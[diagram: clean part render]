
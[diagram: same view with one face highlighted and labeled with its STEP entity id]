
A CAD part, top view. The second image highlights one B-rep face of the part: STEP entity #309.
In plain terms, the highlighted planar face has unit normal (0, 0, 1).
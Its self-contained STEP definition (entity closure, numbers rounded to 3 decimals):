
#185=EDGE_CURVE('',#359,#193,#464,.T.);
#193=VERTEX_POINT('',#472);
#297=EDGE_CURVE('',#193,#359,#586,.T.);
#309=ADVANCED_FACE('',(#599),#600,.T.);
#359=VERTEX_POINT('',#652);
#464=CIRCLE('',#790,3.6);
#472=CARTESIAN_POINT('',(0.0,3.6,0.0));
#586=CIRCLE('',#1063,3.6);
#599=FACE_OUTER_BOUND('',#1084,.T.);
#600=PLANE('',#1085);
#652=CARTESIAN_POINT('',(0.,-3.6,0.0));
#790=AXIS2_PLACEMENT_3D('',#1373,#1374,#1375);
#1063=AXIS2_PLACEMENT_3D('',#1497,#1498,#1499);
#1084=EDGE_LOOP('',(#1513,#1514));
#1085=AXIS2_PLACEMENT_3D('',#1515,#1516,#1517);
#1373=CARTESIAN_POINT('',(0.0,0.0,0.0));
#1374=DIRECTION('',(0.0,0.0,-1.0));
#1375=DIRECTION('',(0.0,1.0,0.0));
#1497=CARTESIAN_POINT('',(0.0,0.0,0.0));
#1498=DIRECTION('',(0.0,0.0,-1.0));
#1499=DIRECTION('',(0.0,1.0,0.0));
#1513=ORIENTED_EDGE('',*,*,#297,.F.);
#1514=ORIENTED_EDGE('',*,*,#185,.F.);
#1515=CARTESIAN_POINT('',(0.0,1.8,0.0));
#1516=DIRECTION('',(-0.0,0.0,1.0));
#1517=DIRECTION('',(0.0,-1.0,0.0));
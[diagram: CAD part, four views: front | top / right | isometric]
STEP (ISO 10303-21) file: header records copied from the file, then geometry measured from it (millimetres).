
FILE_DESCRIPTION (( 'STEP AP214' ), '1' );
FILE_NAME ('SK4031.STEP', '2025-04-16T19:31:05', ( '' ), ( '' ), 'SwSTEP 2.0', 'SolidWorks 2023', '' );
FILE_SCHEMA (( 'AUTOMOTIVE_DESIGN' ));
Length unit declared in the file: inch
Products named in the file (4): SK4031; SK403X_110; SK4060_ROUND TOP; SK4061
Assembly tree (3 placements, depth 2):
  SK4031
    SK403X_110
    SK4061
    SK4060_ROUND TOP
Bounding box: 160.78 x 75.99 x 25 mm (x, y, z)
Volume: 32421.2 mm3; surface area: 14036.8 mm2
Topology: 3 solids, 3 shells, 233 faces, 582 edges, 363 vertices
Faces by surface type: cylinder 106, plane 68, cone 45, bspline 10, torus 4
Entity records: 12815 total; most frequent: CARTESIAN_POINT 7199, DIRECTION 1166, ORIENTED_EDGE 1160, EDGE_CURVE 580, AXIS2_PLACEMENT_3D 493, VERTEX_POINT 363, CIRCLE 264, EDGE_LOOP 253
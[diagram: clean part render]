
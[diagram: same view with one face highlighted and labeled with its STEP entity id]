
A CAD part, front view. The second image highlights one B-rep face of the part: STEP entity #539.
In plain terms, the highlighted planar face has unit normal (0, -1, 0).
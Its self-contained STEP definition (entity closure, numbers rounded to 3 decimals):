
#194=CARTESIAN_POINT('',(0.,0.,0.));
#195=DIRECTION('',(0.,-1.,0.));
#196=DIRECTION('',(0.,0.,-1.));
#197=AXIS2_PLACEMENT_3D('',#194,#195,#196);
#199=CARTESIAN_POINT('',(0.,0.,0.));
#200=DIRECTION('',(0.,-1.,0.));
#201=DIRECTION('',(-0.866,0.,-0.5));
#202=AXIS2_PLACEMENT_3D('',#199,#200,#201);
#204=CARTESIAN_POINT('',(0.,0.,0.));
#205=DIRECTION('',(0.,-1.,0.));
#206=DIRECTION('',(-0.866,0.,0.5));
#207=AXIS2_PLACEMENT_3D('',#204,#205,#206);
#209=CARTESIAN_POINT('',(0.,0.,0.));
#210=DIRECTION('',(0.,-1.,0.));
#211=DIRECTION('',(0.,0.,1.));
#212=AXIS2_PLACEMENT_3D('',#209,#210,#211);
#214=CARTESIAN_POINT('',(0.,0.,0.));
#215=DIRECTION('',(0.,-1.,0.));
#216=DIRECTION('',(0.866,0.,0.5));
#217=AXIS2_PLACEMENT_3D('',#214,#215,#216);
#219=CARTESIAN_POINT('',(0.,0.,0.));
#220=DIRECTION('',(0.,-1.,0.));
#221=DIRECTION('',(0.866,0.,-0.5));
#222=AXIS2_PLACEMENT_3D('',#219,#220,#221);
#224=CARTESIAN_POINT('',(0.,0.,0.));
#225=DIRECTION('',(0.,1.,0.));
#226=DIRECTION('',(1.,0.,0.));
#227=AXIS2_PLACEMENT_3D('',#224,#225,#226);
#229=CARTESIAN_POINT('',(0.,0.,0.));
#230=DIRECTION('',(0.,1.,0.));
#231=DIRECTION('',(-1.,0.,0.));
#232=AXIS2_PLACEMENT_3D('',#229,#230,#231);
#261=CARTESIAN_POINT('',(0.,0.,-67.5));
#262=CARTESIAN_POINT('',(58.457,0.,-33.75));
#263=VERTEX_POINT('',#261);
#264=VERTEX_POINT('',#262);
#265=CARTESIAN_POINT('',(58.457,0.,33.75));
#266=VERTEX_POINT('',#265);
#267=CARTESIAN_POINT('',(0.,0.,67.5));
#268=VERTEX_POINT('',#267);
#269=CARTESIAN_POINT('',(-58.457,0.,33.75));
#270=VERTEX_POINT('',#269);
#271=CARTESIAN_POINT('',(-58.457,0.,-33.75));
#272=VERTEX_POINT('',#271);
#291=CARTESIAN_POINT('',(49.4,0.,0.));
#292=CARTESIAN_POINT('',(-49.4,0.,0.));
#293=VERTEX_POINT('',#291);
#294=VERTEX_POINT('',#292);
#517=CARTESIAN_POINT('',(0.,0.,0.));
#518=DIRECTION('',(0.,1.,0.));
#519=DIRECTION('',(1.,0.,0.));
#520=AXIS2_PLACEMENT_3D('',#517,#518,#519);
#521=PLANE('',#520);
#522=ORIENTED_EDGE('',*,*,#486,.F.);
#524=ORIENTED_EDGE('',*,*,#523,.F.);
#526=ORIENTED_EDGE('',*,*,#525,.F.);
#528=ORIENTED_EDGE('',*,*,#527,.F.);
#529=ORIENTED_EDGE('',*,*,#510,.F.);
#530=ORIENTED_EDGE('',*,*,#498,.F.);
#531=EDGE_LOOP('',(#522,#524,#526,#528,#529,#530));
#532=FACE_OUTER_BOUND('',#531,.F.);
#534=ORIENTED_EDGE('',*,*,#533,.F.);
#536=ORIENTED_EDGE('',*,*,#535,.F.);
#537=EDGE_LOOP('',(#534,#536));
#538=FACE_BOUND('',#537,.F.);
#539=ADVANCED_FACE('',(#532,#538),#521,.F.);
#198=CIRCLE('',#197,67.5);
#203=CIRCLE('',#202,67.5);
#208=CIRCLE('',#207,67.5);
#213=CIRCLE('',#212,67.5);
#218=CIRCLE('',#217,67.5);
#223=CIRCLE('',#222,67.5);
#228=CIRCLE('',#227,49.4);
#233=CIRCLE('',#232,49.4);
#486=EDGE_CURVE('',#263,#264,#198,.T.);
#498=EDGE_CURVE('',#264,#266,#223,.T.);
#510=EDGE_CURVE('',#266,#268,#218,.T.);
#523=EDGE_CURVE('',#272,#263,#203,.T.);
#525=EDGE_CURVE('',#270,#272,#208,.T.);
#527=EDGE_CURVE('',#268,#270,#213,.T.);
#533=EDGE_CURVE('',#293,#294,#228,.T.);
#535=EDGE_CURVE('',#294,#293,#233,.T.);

◇ ◇ ◇

● **Exercise description**
Copy out all lines of the listing above that include "plain".

● **The answer**
In plain terms, the highlighted planar face has unit normal (0, 0, 1).
In plain terms, the highlighted planar face has unit normal (0, -1, 0).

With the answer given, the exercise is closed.